In addition, the different recently reported R0 estimates for pandemic influenza were implicitly compared. Long serial intervals, estimates of which are often derived from the literature, seem to have yielded high estimates of R0, the relationship of which has been extensively investigated in previous studies by means of sensitivity analysis [8, 25], implying that a precise estimate of the serial interval is crucial for elucidating the finer details of R0 . This point has to be interpreted cautiously in relation to Table 1, since essentially there are two potential sources of variations in R0:
(A) Estimates of R0 will greatly vary according to model assumptions and the structure and type of data used to infer the relevant parameters .

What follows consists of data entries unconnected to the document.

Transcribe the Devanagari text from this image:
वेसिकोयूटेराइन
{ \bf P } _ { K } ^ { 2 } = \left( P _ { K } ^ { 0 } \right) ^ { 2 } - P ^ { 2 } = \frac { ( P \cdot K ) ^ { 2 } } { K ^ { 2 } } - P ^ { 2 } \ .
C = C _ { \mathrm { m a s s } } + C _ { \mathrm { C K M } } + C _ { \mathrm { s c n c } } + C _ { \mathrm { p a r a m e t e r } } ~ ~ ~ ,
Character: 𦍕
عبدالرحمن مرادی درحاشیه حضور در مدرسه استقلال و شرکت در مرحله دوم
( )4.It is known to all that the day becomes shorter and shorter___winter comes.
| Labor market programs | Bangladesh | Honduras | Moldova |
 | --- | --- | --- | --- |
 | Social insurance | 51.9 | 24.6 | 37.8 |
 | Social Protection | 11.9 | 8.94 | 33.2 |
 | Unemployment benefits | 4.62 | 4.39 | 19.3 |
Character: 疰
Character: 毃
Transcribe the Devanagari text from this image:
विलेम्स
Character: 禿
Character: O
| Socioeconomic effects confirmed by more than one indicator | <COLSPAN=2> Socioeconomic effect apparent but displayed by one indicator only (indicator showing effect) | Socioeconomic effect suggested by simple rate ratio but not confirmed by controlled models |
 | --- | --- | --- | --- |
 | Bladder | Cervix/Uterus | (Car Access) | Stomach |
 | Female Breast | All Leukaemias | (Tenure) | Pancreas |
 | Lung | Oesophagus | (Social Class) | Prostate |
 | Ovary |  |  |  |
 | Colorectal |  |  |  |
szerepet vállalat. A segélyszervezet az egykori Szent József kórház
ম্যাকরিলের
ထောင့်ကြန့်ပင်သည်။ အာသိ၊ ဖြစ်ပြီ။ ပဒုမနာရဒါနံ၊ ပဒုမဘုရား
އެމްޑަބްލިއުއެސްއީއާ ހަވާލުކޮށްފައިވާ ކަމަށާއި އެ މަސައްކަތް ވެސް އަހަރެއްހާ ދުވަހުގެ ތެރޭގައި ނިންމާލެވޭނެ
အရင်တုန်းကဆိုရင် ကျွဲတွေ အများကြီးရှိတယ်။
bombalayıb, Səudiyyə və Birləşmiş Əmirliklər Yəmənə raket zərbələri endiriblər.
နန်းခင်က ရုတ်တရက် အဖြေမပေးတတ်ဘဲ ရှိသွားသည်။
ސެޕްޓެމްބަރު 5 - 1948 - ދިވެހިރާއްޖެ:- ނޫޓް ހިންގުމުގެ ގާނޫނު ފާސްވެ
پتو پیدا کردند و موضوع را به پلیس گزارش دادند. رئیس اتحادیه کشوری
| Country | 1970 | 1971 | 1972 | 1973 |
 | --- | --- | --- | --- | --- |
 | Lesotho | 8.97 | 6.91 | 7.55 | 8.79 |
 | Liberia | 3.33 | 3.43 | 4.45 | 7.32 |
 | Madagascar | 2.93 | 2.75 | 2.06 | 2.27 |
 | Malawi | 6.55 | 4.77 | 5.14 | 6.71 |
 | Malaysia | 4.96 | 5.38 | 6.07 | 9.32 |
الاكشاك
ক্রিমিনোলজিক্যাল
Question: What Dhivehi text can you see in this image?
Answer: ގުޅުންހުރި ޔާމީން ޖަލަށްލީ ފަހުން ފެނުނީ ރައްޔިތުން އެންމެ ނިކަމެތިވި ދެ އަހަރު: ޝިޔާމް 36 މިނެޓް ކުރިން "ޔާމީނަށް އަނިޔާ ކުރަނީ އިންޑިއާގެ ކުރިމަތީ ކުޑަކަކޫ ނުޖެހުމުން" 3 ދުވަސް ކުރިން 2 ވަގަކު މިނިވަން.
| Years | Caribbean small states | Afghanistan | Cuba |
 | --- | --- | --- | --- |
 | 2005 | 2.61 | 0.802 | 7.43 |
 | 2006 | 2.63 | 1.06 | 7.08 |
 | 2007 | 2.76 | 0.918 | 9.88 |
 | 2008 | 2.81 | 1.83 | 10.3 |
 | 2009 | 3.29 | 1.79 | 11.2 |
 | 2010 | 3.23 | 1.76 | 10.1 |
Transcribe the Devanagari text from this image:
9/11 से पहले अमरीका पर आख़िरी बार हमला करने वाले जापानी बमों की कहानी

(B) R0 can differ with time and place. That is, the transmission potential is generally influenced by various underlying social and biological conditions (e.g. contact patterns, differential susceptibility and pathogenic factors) [27, 28].
It should be noted that the present study examined only some of the factors related to (A) and did not explicitly test this hypothesis. Indeed, there are other plausible explanations for the variations in R0 in Table 1. For example, point (A) may be particularly true for the UK study, the small estimates of which may be attributable to the modeling assumption that fitted the model to three waves of the pandemic . Moreover, the New Zealand study is a good example of point (B) . This epidemic was observed in a community with closed contact (i.e. an army camp), which could result in high estimates of R0 even assuming a short serial interval. Thus, no definitive reason for the differences in R0 can be clarified unless each model is examined in relation to others, permitting explicit comparisons and robustness assessment . However, despite this, it is remarkable that differences in R(t) were obtained using the assumed serial interval lengths employed in the present study and that the differences in the R0 of pandemic influenza were also consistent with this well-known relationship (i.e. between R0 and the serial interval). The finding implies that it is critically important to clarify details of the natural history of a disease in order to offer robust assessments. In addition, further controversy concerning the R0 of seasonal influenza (= 20) needs to be addressed by exploring in detail the immune protection mechanisms of influenza .
The second finding of the present study concerns the time variations in secondary transmission. Although it is commonly assumed that a large epidemic only declines to extinction with depletion of susceptible individuals, this assumption leads to a monotonic decline in R(t). That is, in a homogeneously mixing population, R(t) is given by R0S(t)/S(0), where S(t) is the number of susceptible individuals at time t . Whereas the decline in R(t) in Prussia probably reflected a decline in susceptible individuals, the observed qualitative pattern (i.e. a non-monotonic decline in R(t)) is likely to have involved other factors not included in usual assumptions of homogeneously mixing models. The non-monotonic decline in R(t) could reflect (i) heterogeneous patterns of transmission and/or (ii) other time-dependent underlying factors. For example, two important factors need to be discussed with regard to heterogeneous transmission. The first, age-related heterogeneity in transmission was ignored in the present study. Whereas the case fatality of pandemic influenza varied with age (exhibiting a W-shaped curve not only for mortality but also for case fatality ), the present study assumed fixed and crude case fatality for the entire population. Thus, if the age-related transmission patterns yield time variations in age-specific incidence , the decline in R(t) could partly be attributable to age-related heterogeneity. Similarly, the time from onset to death may also vary by age-related factors. The second important factor is social heterogeneity in transmission (e.g. spatial spreading patterns). For example, considering realistic patterns of influenza spread in a location with urban and rural sub-regions, slow decline in incidence could originate from heterogeneous spatial spread between and within rural sub-regions. If some rural areas previously free from influenza are infested by a few cases at some point in time, such local spread could modify the overall epidemic curve. Since the present study assumed a closed population because detailed data were lacking, additional information (e.g. cases with time and place) is needed to elucidate the finer details.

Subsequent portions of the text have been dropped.